Items listed in a dataset:
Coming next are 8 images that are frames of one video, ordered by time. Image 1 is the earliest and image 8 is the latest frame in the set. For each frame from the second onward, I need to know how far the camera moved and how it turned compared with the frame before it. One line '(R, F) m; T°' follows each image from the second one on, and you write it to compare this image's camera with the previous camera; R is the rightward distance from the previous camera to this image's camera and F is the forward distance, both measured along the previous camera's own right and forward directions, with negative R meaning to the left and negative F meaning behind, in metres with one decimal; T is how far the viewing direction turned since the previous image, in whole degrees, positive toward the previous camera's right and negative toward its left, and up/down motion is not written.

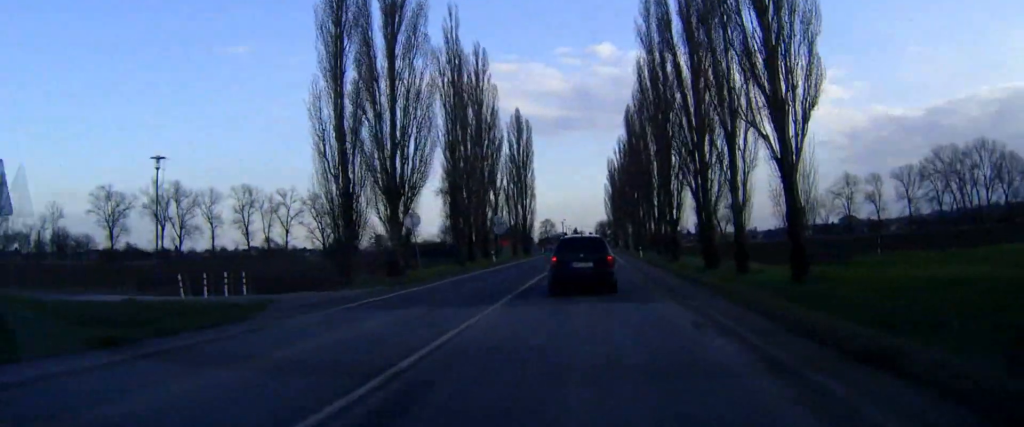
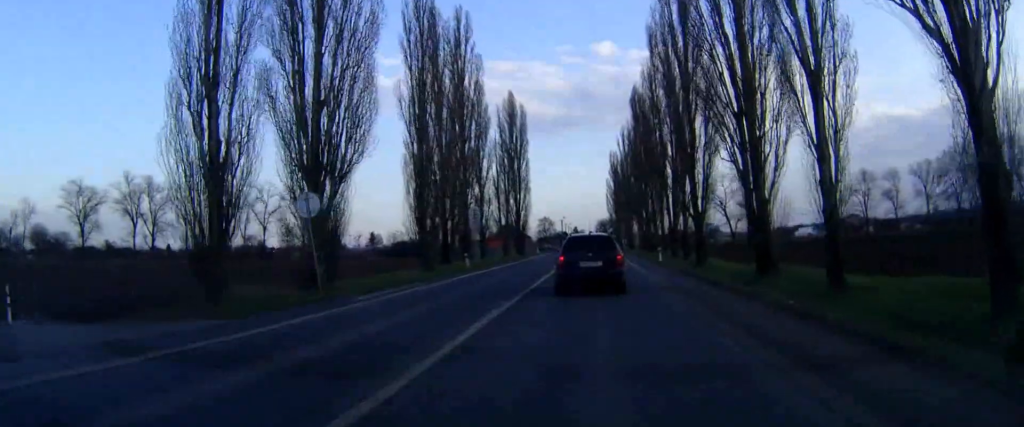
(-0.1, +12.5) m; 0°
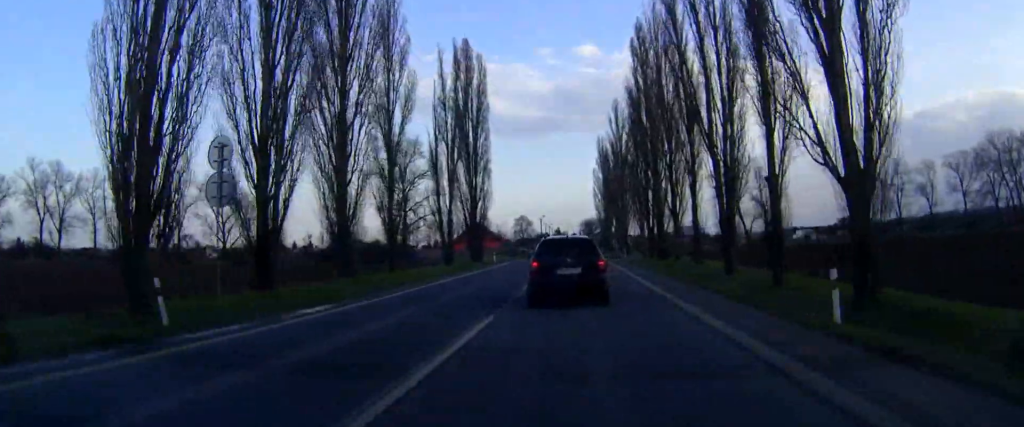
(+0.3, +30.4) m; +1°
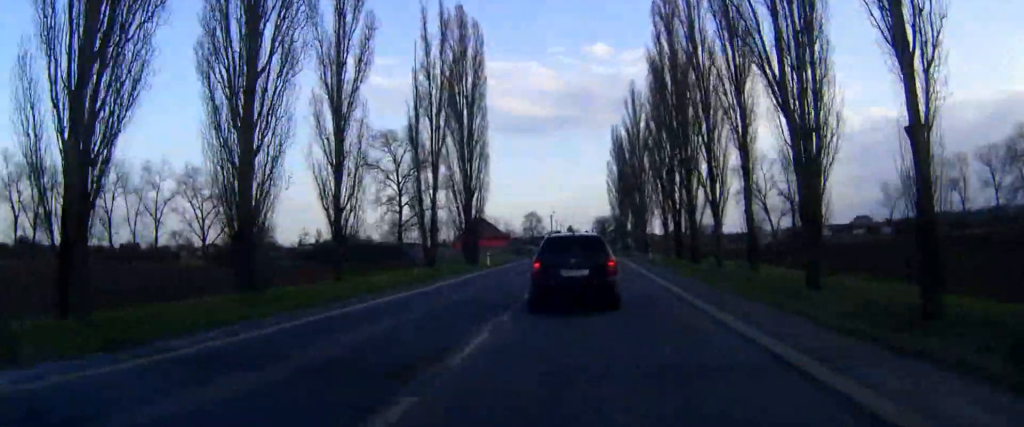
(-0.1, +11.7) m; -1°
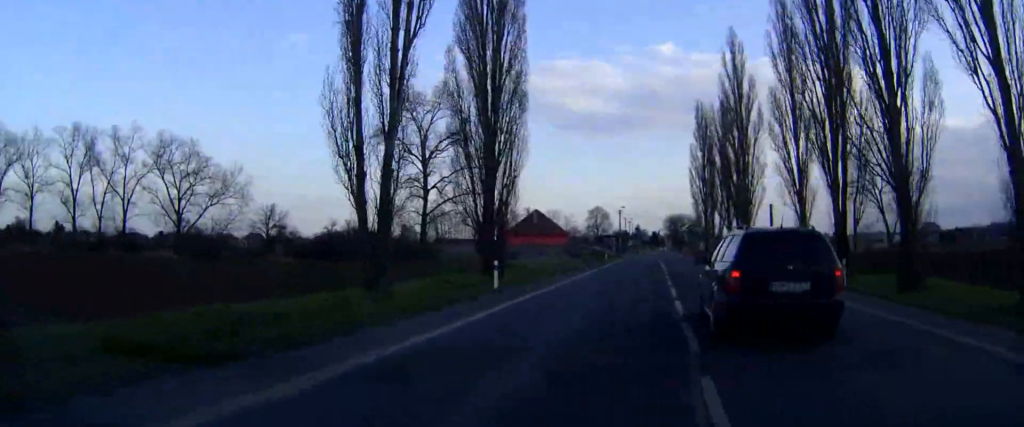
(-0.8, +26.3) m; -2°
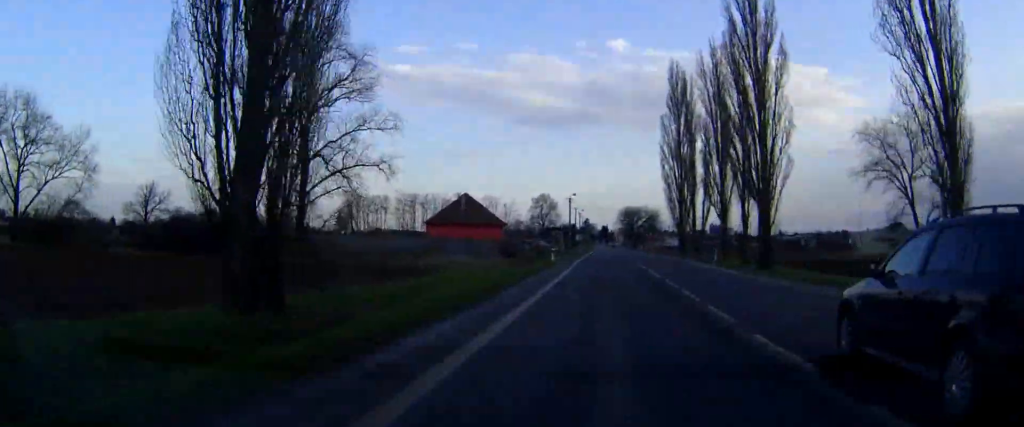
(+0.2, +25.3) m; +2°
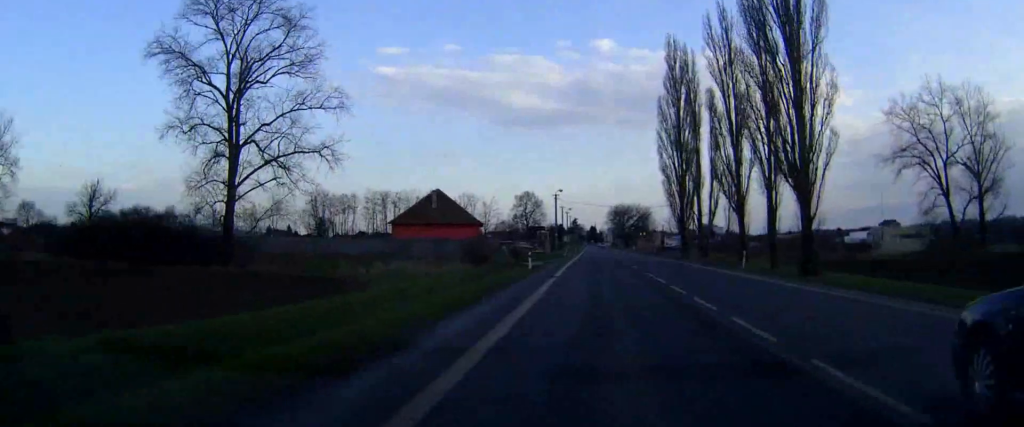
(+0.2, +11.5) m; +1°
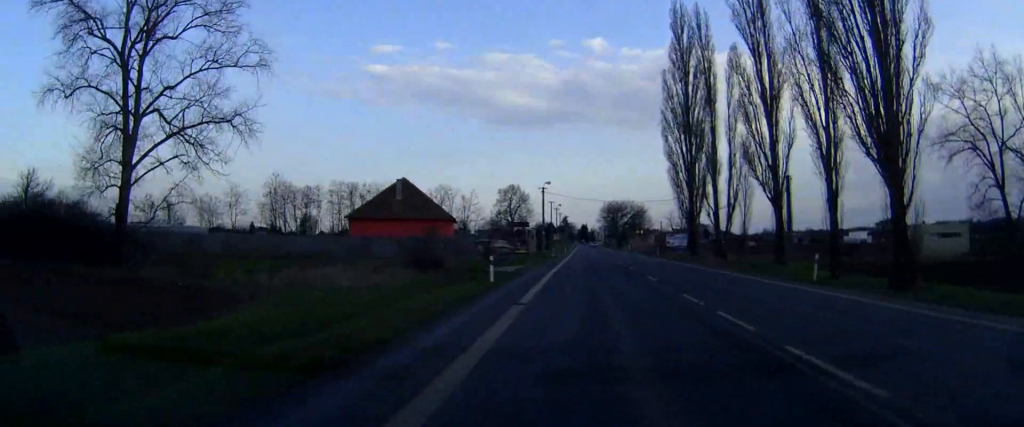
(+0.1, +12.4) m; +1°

==

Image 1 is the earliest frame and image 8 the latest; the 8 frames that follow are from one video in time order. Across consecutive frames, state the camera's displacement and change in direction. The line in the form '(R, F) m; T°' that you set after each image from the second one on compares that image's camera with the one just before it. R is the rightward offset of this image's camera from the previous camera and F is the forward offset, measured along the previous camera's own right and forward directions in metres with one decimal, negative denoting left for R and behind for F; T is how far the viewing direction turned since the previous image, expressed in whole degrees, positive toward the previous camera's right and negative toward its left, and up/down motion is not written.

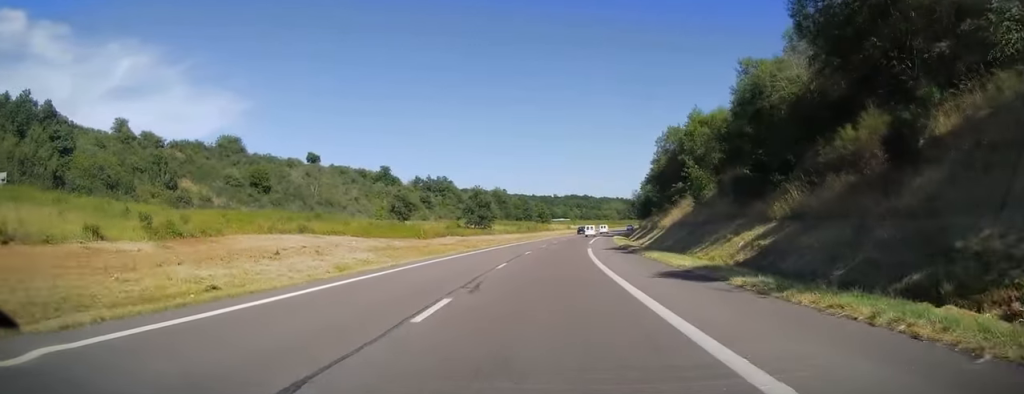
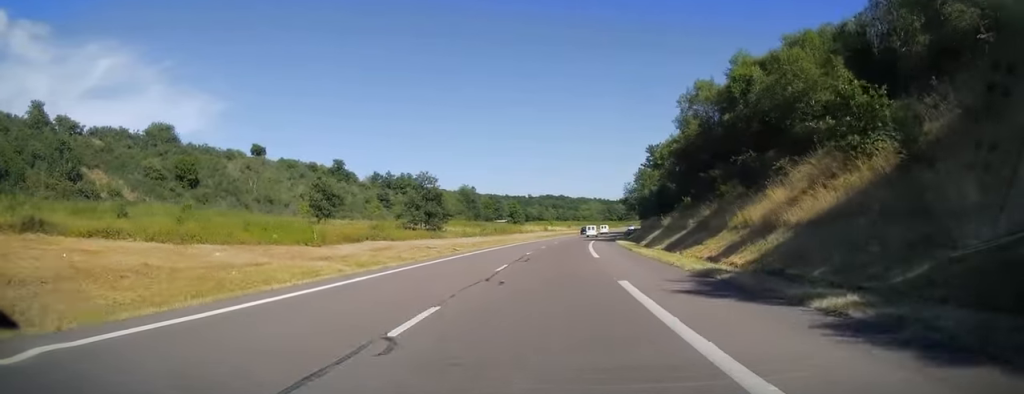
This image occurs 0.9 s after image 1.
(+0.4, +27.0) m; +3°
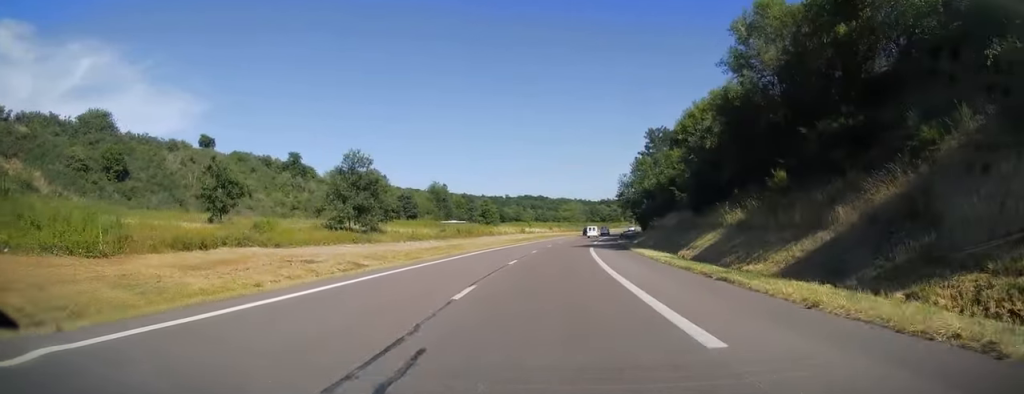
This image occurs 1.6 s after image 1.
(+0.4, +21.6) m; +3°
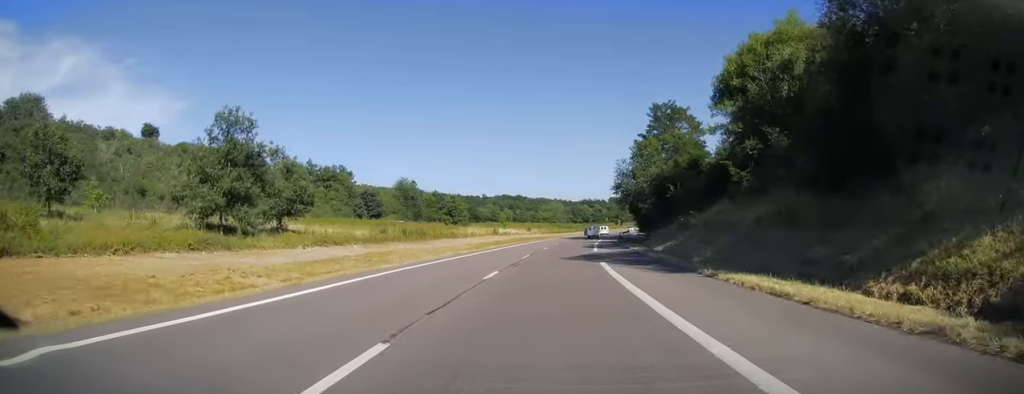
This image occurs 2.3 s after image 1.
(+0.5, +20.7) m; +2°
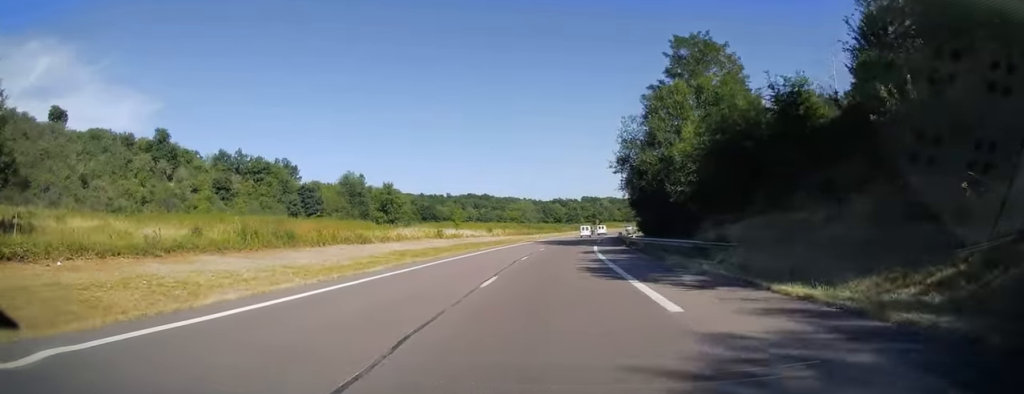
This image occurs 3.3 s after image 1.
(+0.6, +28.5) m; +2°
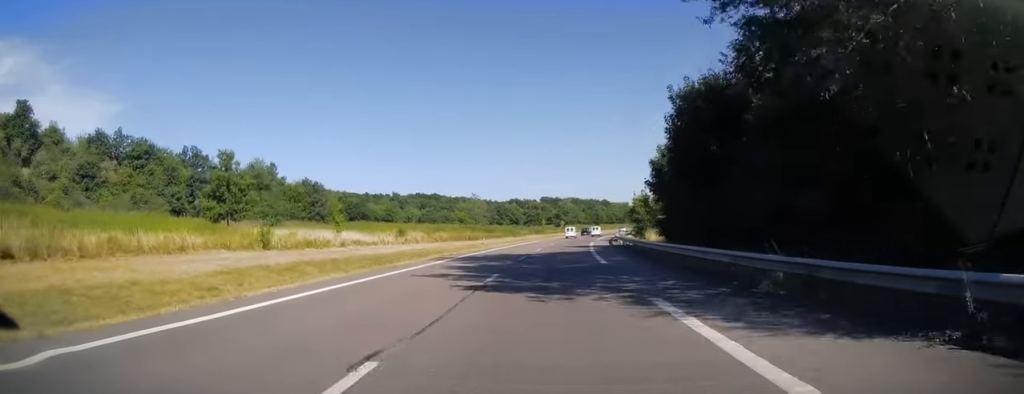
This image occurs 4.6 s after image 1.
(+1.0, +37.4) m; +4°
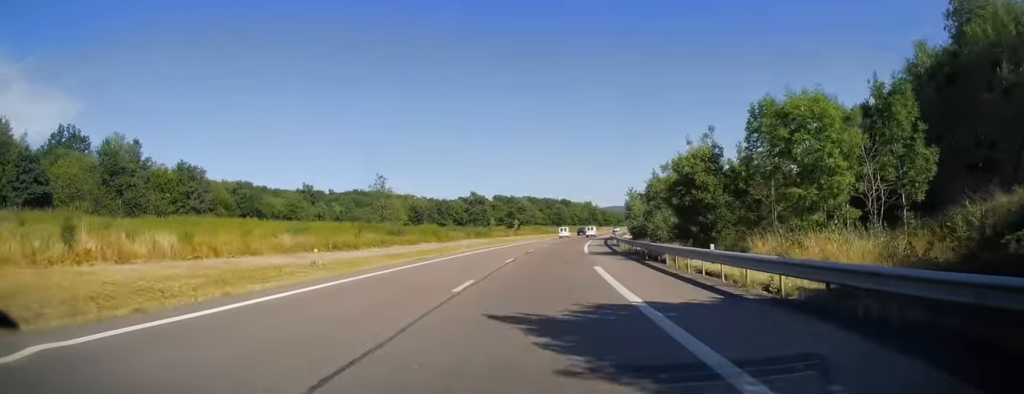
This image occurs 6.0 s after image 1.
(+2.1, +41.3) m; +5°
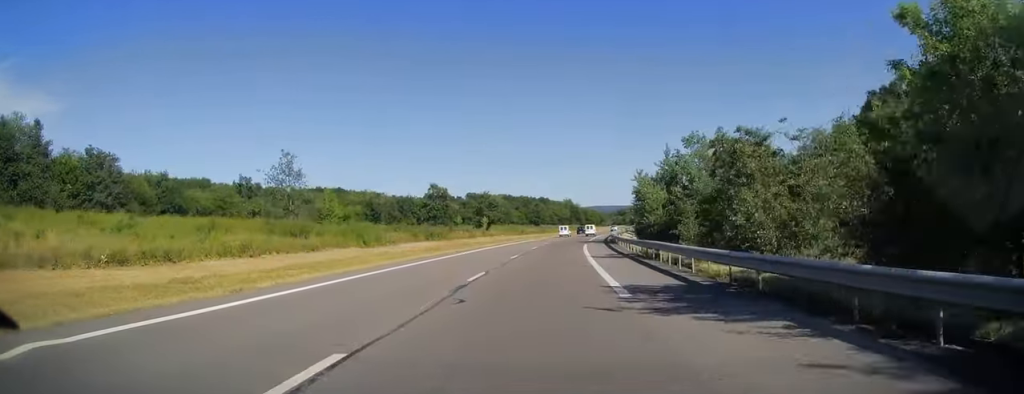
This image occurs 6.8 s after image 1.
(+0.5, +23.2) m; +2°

* * *

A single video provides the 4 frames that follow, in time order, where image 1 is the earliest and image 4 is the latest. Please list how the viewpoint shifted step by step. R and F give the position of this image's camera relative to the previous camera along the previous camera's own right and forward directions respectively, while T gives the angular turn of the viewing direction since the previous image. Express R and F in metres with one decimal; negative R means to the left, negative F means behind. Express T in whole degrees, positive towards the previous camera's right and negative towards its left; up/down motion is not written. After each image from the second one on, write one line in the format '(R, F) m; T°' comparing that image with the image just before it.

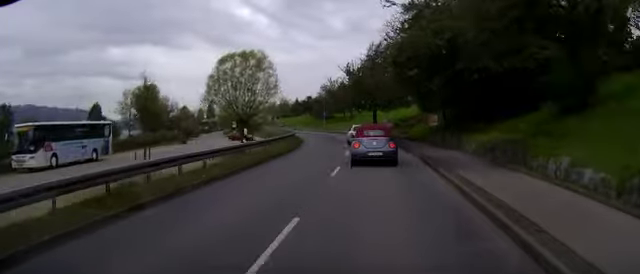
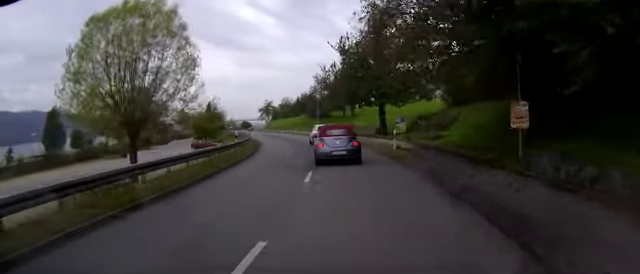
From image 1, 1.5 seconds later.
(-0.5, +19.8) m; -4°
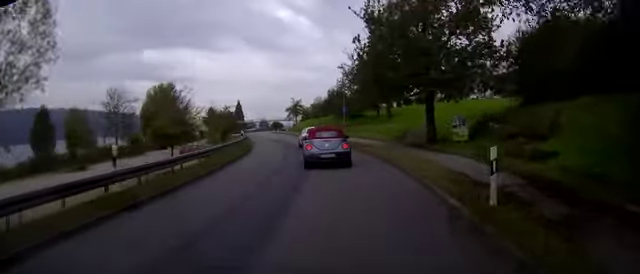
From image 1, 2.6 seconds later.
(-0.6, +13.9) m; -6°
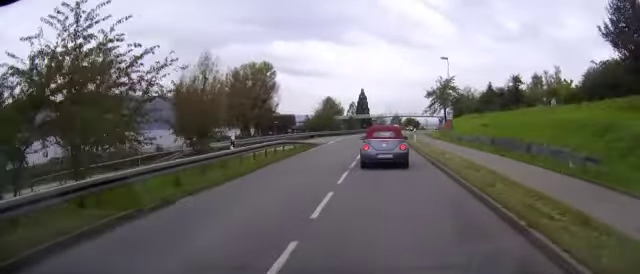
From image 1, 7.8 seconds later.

Aim of the exercise: Set the pictures aside and transcribe exactly the stretch of lines above, beginning with the one holding "From image 1, 1.5 seconds later." and ending with the one holding "From image 1, 7.8 seconds later.".

Response to this task:
From image 1, 1.5 seconds later.
(-0.5, +19.8) m; -4°
From image 1, 2.6 seconds later.
(-0.6, +13.9) m; -6°
From image 1, 7.8 seconds later.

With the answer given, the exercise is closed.